Leio nos jornais que o legislativo municipal resolveu esboçar uma reação a superpopulação de felinos na cidade do Natal.  Segundo dados do Centro de Zoonoses a cidade tem hoje 37.455 gatos contra um contingente de aproximadamente 900 mil habitantes, 90 mil ratos e outros 10 mil bichos escrotos. 
Não sei por que tanta preocupação.

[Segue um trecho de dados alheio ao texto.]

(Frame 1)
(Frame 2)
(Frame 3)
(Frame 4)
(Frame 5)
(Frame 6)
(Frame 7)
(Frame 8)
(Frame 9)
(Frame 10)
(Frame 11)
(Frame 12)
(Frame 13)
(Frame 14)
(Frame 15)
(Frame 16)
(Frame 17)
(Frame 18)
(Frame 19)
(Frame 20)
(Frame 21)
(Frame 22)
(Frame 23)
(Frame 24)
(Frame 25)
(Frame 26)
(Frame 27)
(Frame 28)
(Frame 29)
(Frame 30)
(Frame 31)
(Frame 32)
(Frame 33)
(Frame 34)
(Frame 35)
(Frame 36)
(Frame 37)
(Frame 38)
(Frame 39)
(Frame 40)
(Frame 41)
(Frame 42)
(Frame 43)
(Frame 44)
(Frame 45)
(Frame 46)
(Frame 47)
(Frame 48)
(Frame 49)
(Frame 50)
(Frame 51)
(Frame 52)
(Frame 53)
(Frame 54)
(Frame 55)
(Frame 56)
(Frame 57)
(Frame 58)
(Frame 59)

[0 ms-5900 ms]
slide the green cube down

Pois, os felinos são bons caçadores de ratos e ratos são piores para o sistema do que os gatos. Os ratos são traíras, falsos, egoístas e corruptos. Fazem qualquer coisa para abocanhar o queijo público, que nunca é público. Pois, quem paga a conta do grande banquete no final são os contribuintes. Daí a importância do felino para caçar os ratos nos grandes palácios.
No Egito antigo, os gatos eram venerados e considerados animais sagrados. Bastet, a Deusa da Fertilidade da Felicidade, considerada benfeitora e protetora do homem, era representada na forma de uma mulher com a cabeça de um gato e freqüentemente figurava acompanhada de vários outros gatos em seu entorno.

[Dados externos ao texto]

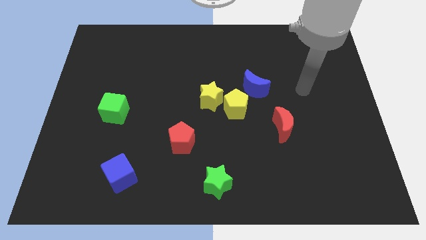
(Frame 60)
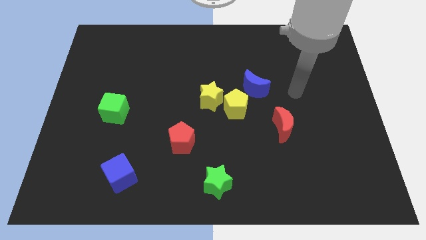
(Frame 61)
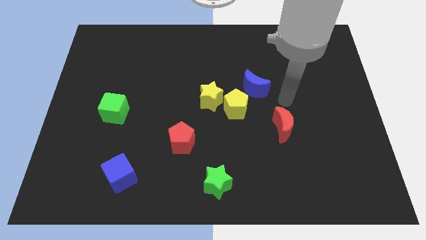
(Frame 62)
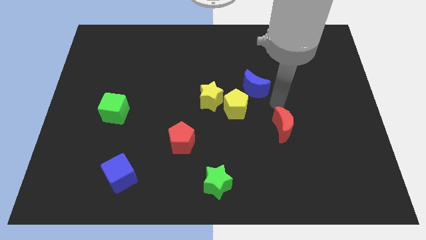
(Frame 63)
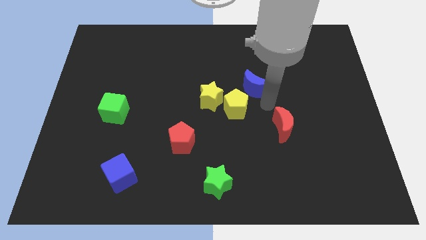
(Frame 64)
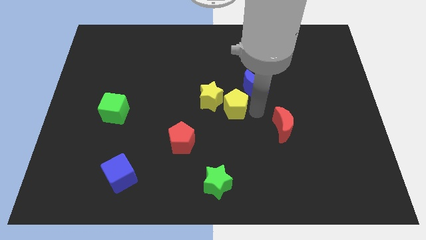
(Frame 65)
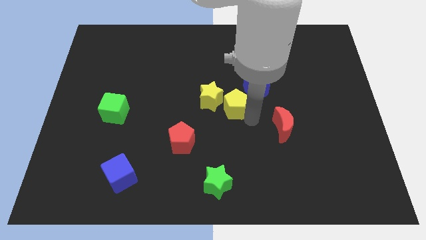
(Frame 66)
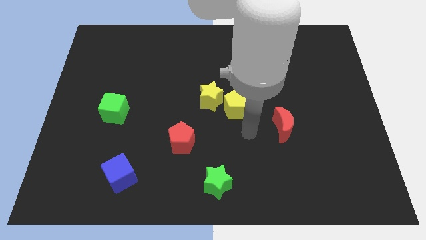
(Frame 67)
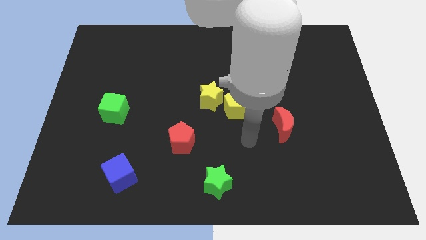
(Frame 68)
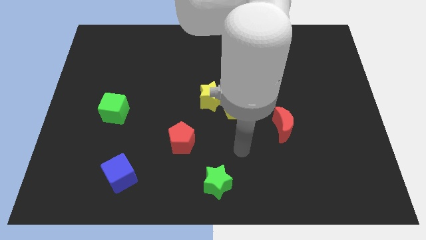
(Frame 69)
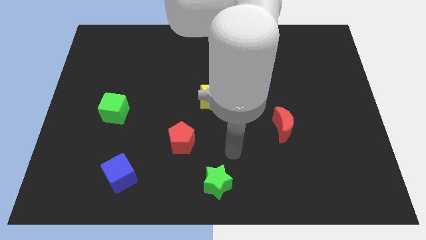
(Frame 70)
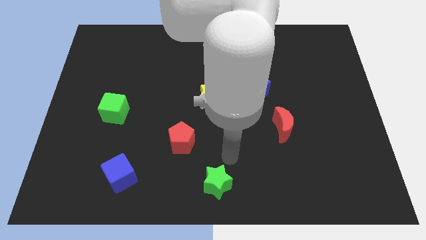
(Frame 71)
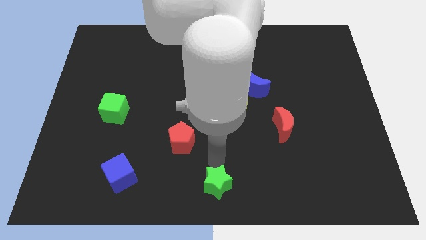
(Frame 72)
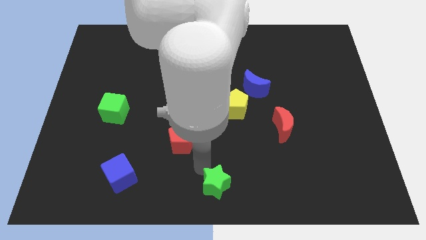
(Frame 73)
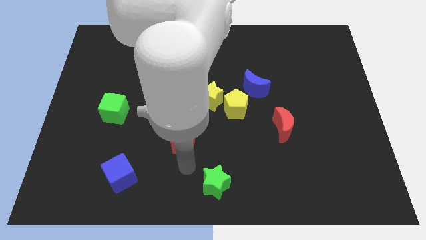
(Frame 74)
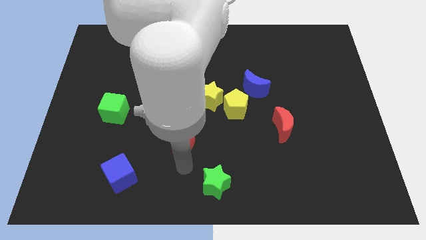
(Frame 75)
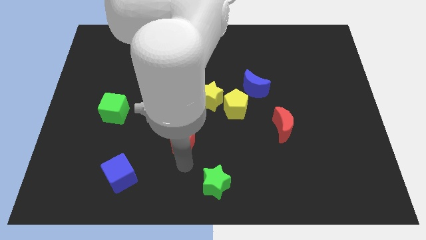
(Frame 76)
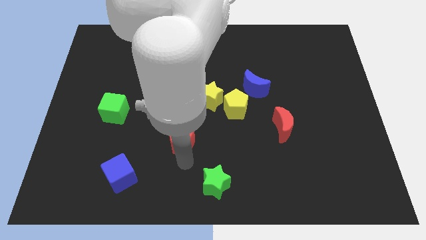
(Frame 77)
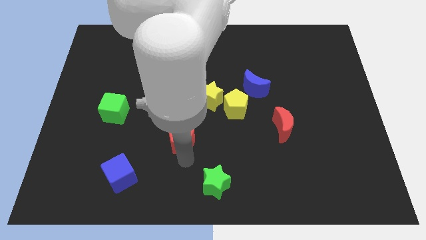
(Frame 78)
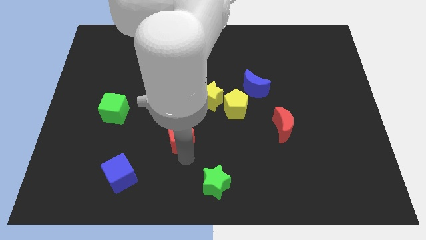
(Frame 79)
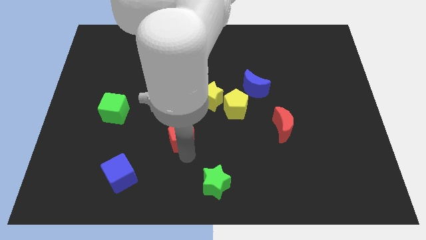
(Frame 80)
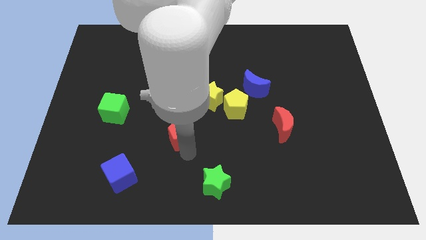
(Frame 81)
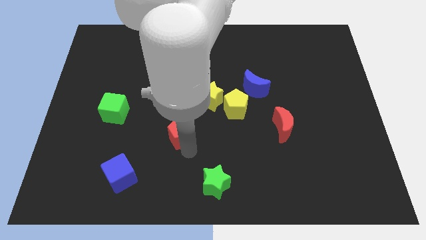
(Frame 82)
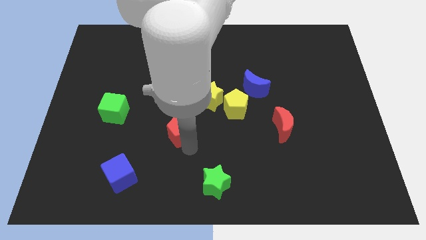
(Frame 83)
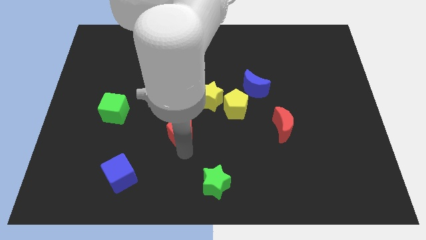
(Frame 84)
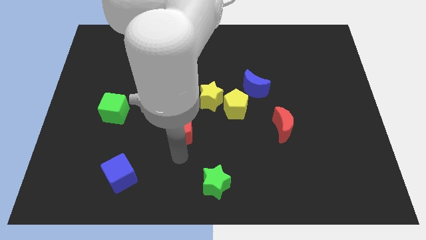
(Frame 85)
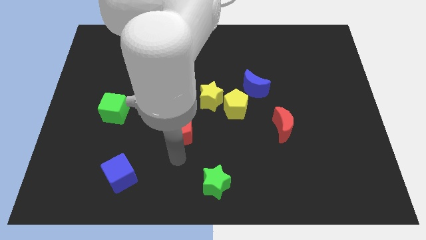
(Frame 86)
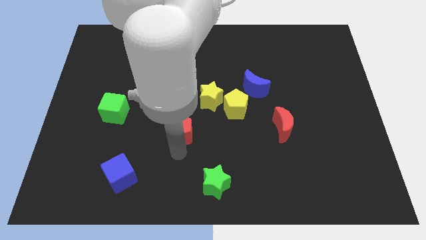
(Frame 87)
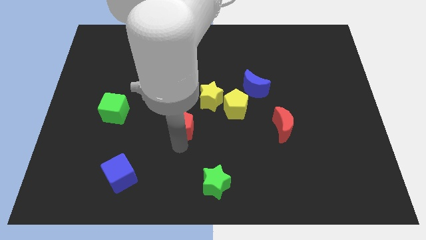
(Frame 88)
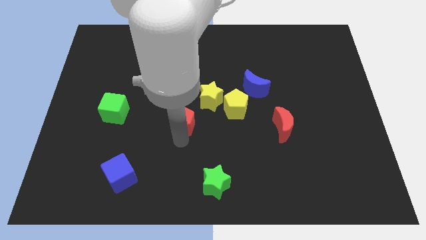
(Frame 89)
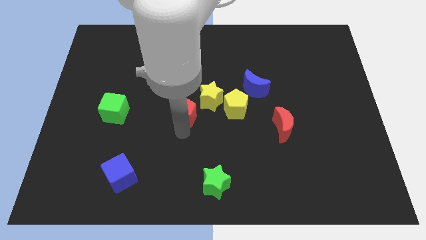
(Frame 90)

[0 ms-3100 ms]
move the red pentagon a bit upwards

O amor dos egípcios por esse animal era tão intenso, que havia leis proibindo que os gatos fossem exportados. Qualquer viajante que fosse encontrado traficando um gato era punido com a pena de morte. Quem matasse um gato também era punido com a mesma pena. Em caso de morte natural do animal, o farol baixava decreto obrigando seus donos a usarem trajes de luto. Na Pérsia havia a crença de que quando se maltratava um gato, corria-se o risco de estar maltratando um espírito amigo, criado especialmente para fazer companhia ao homem.

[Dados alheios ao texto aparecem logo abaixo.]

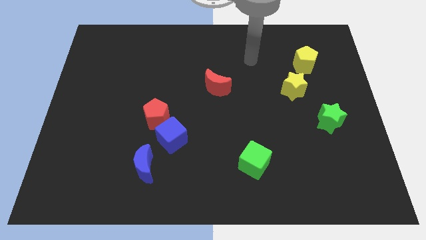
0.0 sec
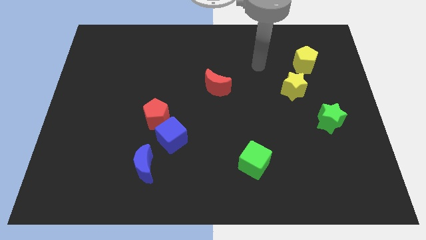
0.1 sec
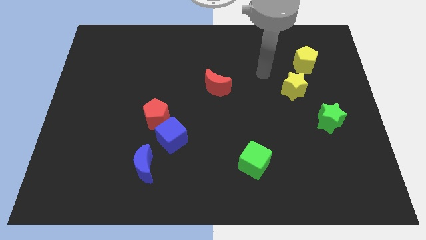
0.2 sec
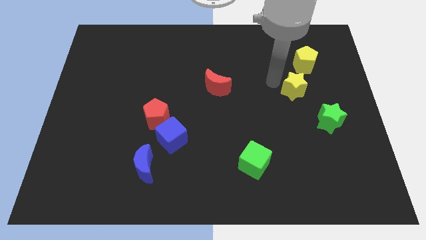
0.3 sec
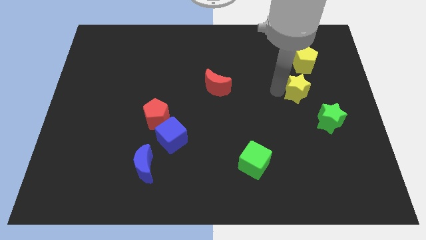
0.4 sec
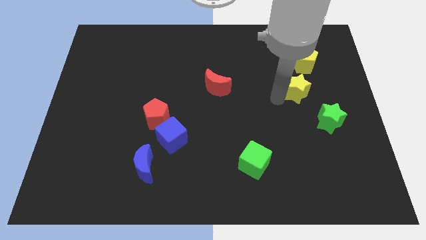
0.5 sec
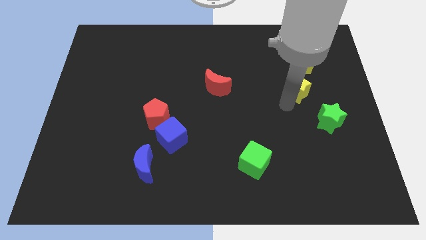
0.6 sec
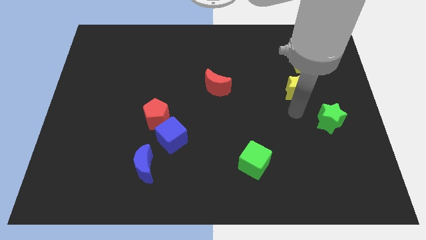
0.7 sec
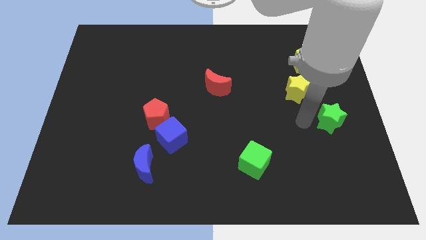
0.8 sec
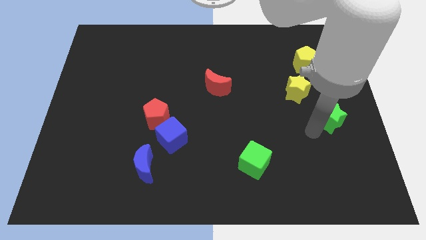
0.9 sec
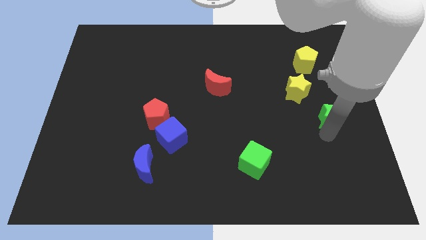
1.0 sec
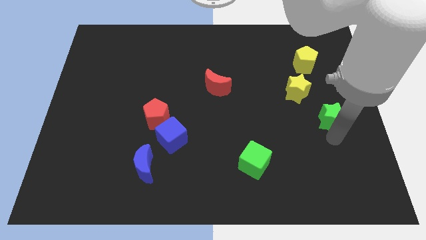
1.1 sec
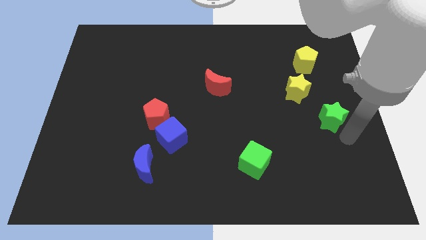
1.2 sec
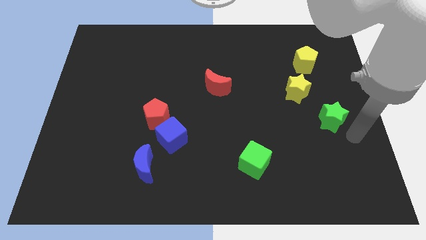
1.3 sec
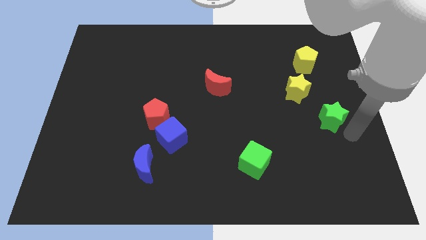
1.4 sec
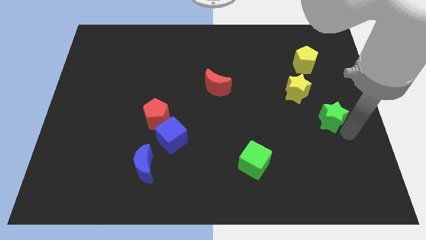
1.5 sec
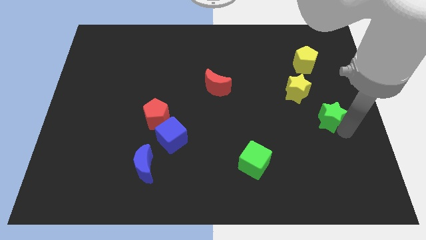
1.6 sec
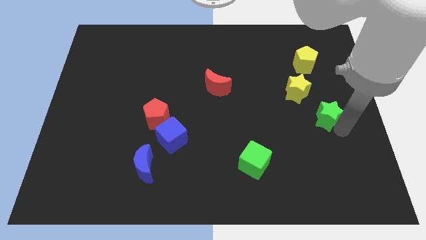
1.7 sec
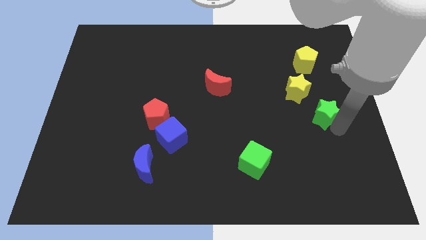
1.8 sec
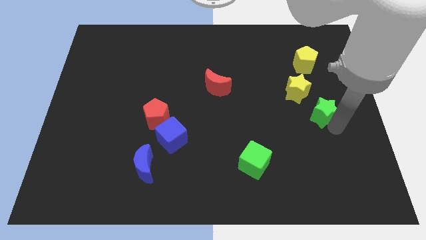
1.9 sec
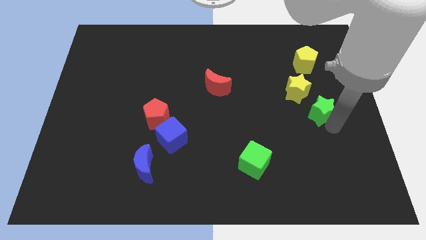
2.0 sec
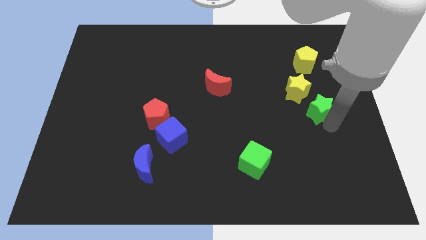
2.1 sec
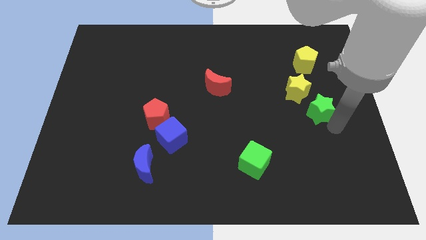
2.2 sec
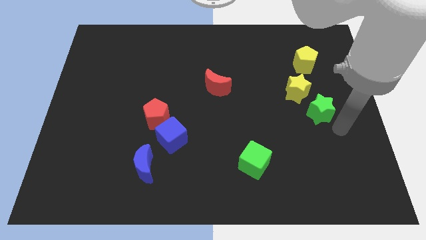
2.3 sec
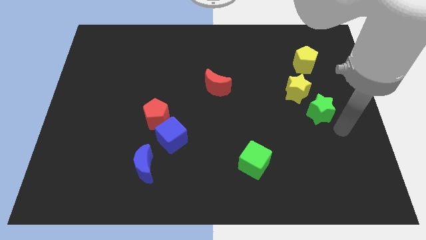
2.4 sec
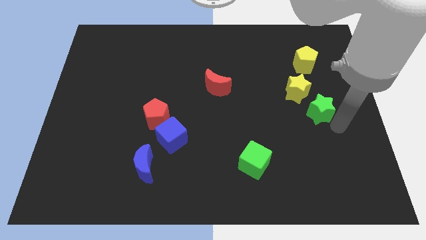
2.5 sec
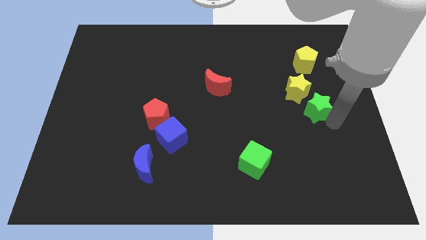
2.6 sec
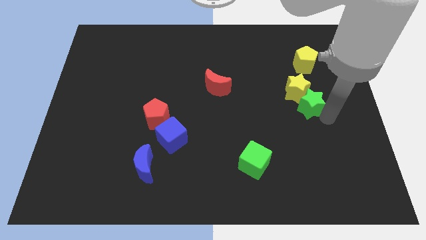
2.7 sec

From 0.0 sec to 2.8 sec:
put the green star next to the yellow star

A situação somente foi complicar para os gatos na Idade Média. Acusados de estarem associados aos maus espíritos, os felinos foram enviados para fogueira juntamente com as pessoas acusadas de bruxaria. Pois, toda boa bruxa de antigamente tinha que ter um gato preto de estimação.
Da Inquisição para sessão na Câmara Municipal, os parlamentares e meia dúzias de técnicos sugeriram a castração da espécie, que a médio prazo pode significar também a extinção do felino.  E sem felino, a farra dos ratos estará liberada no banquete oficial. Entre gatos e ratos, prefiro os gatos. E você?

Comentários

avatar Vicente Paulo de Souza
Fazia tempo que não lia um comentário tão irônico sobre a vida pública local. Aliás, acompanho seus comentários no Jornal de Hoje e no portal Eu cuido há algum tempo. Devo confessar que são bons e sempre que posso envio para alguns amigos que tenho no Rio de Janeiro. Um deles, o Rodrigo enviou comentário dizendo que sua crônica lembra muito o texto de Lima Barreto, jornalista que viveu na capital carioca no início do século XX. Parabéns.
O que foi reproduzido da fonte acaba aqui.